Work to complete :: Repeat back every line of the data, exactly.

Stored entries
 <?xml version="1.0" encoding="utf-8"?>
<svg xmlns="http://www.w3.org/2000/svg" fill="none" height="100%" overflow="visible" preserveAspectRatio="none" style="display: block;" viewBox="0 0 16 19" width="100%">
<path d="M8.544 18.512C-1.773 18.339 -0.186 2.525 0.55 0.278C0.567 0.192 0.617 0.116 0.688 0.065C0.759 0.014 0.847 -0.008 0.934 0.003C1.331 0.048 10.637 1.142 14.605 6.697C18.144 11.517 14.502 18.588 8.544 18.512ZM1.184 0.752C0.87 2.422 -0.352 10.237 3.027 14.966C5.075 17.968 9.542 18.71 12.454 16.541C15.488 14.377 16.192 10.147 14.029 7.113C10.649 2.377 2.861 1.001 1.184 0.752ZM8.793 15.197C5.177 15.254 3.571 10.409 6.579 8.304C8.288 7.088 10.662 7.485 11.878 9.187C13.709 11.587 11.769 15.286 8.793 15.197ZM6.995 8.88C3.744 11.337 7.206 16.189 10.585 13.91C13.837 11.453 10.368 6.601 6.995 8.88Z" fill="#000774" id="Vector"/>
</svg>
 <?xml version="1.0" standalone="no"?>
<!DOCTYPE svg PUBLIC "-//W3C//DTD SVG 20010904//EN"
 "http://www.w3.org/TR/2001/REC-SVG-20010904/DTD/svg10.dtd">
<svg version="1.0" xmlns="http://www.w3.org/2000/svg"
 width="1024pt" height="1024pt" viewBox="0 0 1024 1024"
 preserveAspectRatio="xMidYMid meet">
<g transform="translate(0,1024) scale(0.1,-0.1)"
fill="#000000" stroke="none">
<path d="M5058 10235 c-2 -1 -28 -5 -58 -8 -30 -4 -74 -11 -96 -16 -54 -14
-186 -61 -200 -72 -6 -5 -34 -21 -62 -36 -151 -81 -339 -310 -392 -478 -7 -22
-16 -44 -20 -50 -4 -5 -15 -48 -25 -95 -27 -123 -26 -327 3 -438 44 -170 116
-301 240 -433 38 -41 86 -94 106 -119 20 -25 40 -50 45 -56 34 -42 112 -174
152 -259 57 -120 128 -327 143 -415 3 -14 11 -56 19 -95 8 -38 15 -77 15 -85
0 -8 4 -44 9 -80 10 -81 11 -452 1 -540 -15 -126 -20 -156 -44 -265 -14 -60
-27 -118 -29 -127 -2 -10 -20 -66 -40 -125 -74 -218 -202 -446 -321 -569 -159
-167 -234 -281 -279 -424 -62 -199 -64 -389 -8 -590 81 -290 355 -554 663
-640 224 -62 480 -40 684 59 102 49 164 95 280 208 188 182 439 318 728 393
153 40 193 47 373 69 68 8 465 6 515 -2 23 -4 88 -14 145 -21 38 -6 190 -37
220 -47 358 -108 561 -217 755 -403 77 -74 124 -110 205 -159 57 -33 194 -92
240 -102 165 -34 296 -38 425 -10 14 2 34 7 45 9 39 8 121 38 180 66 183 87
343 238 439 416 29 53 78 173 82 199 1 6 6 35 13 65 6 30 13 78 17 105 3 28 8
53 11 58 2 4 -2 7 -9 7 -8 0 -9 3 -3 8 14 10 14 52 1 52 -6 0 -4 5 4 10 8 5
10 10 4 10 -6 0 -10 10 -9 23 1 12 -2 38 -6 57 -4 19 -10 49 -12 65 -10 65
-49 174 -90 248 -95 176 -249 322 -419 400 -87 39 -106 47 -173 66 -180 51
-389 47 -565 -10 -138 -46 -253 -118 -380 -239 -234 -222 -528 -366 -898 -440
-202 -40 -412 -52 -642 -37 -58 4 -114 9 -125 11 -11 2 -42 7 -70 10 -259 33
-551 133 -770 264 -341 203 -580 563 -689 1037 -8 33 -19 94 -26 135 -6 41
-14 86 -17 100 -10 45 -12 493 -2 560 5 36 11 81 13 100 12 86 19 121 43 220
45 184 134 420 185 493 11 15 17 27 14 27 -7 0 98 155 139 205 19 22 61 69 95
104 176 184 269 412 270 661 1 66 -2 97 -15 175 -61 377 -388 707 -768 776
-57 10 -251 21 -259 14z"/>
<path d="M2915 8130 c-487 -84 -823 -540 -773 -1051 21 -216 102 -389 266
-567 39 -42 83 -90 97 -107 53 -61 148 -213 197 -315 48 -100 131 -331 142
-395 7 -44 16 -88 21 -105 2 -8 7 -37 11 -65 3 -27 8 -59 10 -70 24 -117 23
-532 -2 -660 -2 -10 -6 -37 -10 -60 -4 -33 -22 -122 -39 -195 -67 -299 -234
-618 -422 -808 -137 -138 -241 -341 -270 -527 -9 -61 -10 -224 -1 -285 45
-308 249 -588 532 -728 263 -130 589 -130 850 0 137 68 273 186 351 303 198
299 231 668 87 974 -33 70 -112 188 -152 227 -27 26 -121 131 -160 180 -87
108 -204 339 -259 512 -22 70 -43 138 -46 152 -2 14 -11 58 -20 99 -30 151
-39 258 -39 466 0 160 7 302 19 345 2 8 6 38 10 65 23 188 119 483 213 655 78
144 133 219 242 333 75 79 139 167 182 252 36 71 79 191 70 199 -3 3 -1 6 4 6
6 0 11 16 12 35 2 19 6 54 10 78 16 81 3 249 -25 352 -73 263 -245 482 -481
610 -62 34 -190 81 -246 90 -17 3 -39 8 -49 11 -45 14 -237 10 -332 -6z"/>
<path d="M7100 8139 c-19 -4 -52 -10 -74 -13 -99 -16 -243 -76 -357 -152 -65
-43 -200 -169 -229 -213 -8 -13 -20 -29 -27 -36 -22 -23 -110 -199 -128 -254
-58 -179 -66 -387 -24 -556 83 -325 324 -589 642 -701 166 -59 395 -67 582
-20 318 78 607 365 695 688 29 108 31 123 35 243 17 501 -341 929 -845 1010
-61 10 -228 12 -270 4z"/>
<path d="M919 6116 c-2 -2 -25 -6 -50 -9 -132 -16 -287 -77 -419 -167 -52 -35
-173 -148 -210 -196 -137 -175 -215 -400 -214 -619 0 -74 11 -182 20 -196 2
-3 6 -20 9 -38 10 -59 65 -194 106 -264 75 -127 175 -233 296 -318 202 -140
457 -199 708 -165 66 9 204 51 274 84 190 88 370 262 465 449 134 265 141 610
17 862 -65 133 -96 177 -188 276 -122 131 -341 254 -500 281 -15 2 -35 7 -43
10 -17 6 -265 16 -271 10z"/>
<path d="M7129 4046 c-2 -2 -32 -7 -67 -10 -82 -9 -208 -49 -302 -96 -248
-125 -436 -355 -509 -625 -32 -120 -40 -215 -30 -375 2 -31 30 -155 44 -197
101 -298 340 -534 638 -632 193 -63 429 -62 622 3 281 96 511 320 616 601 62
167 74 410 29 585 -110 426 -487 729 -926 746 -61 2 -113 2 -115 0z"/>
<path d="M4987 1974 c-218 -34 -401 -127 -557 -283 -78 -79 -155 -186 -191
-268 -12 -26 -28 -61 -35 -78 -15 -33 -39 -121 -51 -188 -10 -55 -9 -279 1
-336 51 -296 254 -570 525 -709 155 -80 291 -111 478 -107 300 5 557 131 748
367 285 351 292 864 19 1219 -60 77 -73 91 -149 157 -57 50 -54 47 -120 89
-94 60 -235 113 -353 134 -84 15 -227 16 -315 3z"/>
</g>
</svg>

Answer to this exercise ::
 <?xml version="1.0" encoding="utf-8"?>
<svg xmlns="http://www.w3.org/2000/svg" fill="none" height="100%" overflow="visible" preserveAspectRatio="none" style="display: block;" viewBox="0 0 16 19" width="100%">
<path d="M8.544 18.512C-1.773 18.339 -0.186 2.525 0.55 0.278C0.567 0.192 0.617 0.116 0.688 0.065C0.759 0.014 0.847 -0.008 0.934 0.003C1.331 0.048 10.637 1.142 14.605 6.697C18.144 11.517 14.502 18.588 8.544 18.512ZM1.184 0.752C0.87 2.422 -0.352 10.237 3.027 14.966C5.075 17.968 9.542 18.71 12.454 16.541C15.488 14.377 16.192 10.147 14.029 7.113C10.649 2.377 2.861 1.001 1.184 0.752ZM8.793 15.197C5.177 15.254 3.571 10.409 6.579 8.304C8.288 7.088 10.662 7.485 11.878 9.187C13.709 11.587 11.769 15.286 8.793 15.197ZM6.995 8.88C3.744 11.337 7.206 16.189 10.585 13.91C13.837 11.453 10.368 6.601 6.995 8.88Z" fill="#000774" id="Vector"/>
</svg>
 <?xml version="1.0" standalone="no"?>
<!DOCTYPE svg PUBLIC "-//W3C//DTD SVG 20010904//EN"
 "http://www.w3.org/TR/2001/REC-SVG-20010904/DTD/svg10.dtd">
<svg version="1.0" xmlns="http://www.w3.org/2000/svg"
 width="1024pt" height="1024pt" viewBox="0 0 1024 1024"
 preserveAspectRatio="xMidYMid meet">
<g transform="translate(0,1024) scale(0.1,-0.1)"
fill="#000000" stroke="none">
<path d="M5058 10235 c-2 -1 -28 -5 -58 -8 -30 -4 -74 -11 -96 -16 -54 -14
-186 -61 -200 -72 -6 -5 -34 -21 -62 -36 -151 -81 -339 -310 -392 -478 -7 -22
-16 -44 -20 -50 -4 -5 -15 -48 -25 -95 -27 -123 -26 -327 3 -438 44 -170 116
-301 240 -433 38 -41 86 -94 106 -119 20 -25 40 -50 45 -56 34 -42 112 -174
152 -259 57 -120 128 -327 143 -415 3 -14 11 -56 19 -95 8 -38 15 -77 15 -85
0 -8 4 -44 9 -80 10 -81 11 -452 1 -540 -15 -126 -20 -156 -44 -265 -14 -60
-27 -118 -29 -127 -2 -10 -20 -66 -40 -125 -74 -218 -202 -446 -321 -569 -159
-167 -234 -281 -279 -424 -62 -199 -64 -389 -8 -590 81 -290 355 -554 663
-640 224 -62 480 -40 684 59 102 49 164 95 280 208 188 182 439 318 728 393
153 40 193 47 373 69 68 8 465 6 515 -2 23 -4 88 -14 145 -21 38 -6 190 -37
220 -47 358 -108 561 -217 755 -403 77 -74 124 -110 205 -159 57 -33 194 -92
240 -102 165 -34 296 -38 425 -10 14 2 34 7 45 9 39 8 121 38 180 66 183 87
343 238 439 416 29 53 78 173 82 199 1 6 6 35 13 65 6 30 13 78 17 105 3 28 8
53 11 58 2 4 -2 7 -9 7 -8 0 -9 3 -3 8 14 10 14 52 1 52 -6 0 -4 5 4 10 8 5
10 10 4 10 -6 0 -10 10 -9 23 1 12 -2 38 -6 57 -4 19 -10 49 -12 65 -10 65
-49 174 -90 248 -95 176 -249 322 -419 400 -87 39 -106 47 -173 66 -180 51
-389 47 -565 -10 -138 -46 -253 -118 -380 -239 -234 -222 -528 -366 -898 -440
-202 -40 -412 -52 -642 -37 -58 4 -114 9 -125 11 -11 2 -42 7 -70 10 -259 33
-551 133 -770 264 -341 203 -580 563 -689 1037 -8 33 -19 94 -26 135 -6 41
-14 86 -17 100 -10 45 -12 493 -2 560 5 36 11 81 13 100 12 86 19 121 43 220
45 184 134 420 185 493 11 15 17 27 14 27 -7 0 98 155 139 205 19 22 61 69 95
104 176 184 269 412 270 661 1 66 -2 97 -15 175 -61 377 -388 707 -768 776
-57 10 -251 21 -259 14z"/>
<path d="M2915 8130 c-487 -84 -823 -540 -773 -1051 21 -216 102 -389 266
-567 39 -42 83 -90 97 -107 53 -61 148 -213 197 -315 48 -100 131 -331 142
-395 7 -44 16 -88 21 -105 2 -8 7 -37 11 -65 3 -27 8 -59 10 -70 24 -117 23
-532 -2 -660 -2 -10 -6 -37 -10 -60 -4 -33 -22 -122 -39 -195 -67 -299 -234
-618 -422 -808 -137 -138 -241 -341 -270 -527 -9 -61 -10 -224 -1 -285 45
-308 249 -588 532 -728 263 -130 589 -130 850 0 137 68 273 186 351 303 198
299 231 668 87 974 -33 70 -112 188 -152 227 -27 26 -121 131 -160 180 -87
108 -204 339 -259 512 -22 70 -43 138 -46 152 -2 14 -11 58 -20 99 -30 151
-39 258 -39 466 0 160 7 302 19 345 2 8 6 38 10 65 23 188 119 483 213 655 78
144 133 219 242 333 75 79 139 167 182 252 36 71 79 191 70 199 -3 3 -1 6 4 6
6 0 11 16 12 35 2 19 6 54 10 78 16 81 3 249 -25 352 -73 263 -245 482 -481
610 -62 34 -190 81 -246 90 -17 3 -39 8 -49 11 -45 14 -237 10 -332 -6z"/>
<path d="M7100 8139 c-19 -4 -52 -10 -74 -13 -99 -16 -243 -76 -357 -152 -65
-43 -200 -169 -229 -213 -8 -13 -20 -29 -27 -36 -22 -23 -110 -199 -128 -254
-58 -179 -66 -387 -24 -556 83 -325 324 -589 642 -701 166 -59 395 -67 582
-20 318 78 607 365 695 688 29 108 31 123 35 243 17 501 -341 929 -845 1010
-61 10 -228 12 -270 4z"/>
<path d="M919 6116 c-2 -2 -25 -6 -50 -9 -132 -16 -287 -77 -419 -167 -52 -35
-173 -148 -210 -196 -137 -175 -215 -400 -214 -619 0 -74 11 -182 20 -196 2
-3 6 -20 9 -38 10 -59 65 -194 106 -264 75 -127 175 -233 296 -318 202 -140
457 -199 708 -165 66 9 204 51 274 84 190 88 370 262 465 449 134 265 141 610
17 862 -65 133 -96 177 -188 276 -122 131 -341 254 -500 281 -15 2 -35 7 -43
10 -17 6 -265 16 -271 10z"/>
<path d="M7129 4046 c-2 -2 -32 -7 -67 -10 -82 -9 -208 -49 -302 -96 -248
-125 -436 -355 -509 -625 -32 -120 -40 -215 -30 -375 2 -31 30 -155 44 -197
101 -298 340 -534 638 -632 193 -63 429 -62 622 3 281 96 511 320 616 601 62
167 74 410 29 585 -110 426 -487 729 -926 746 -61 2 -113 2 -115 0z"/>
<path d="M4987 1974 c-218 -34 -401 -127 -557 -283 -78 -79 -155 -186 -191
-268 -12 -26 -28 -61 -35 -78 -15 -33 -39 -121 -51 -188 -10 -55 -9 -279 1
-336 51 -296 254 -570 525 -709 155 -80 291 -111 478 -107 300 5 557 131 748
367 285 351 292 864 19 1219 -60 77 -73 91 -149 157 -57 50 -54 47 -120 89
-94 60 -235 113 -353 134 -84 15 -227 16 -315 3z"/>
</g>
</svg>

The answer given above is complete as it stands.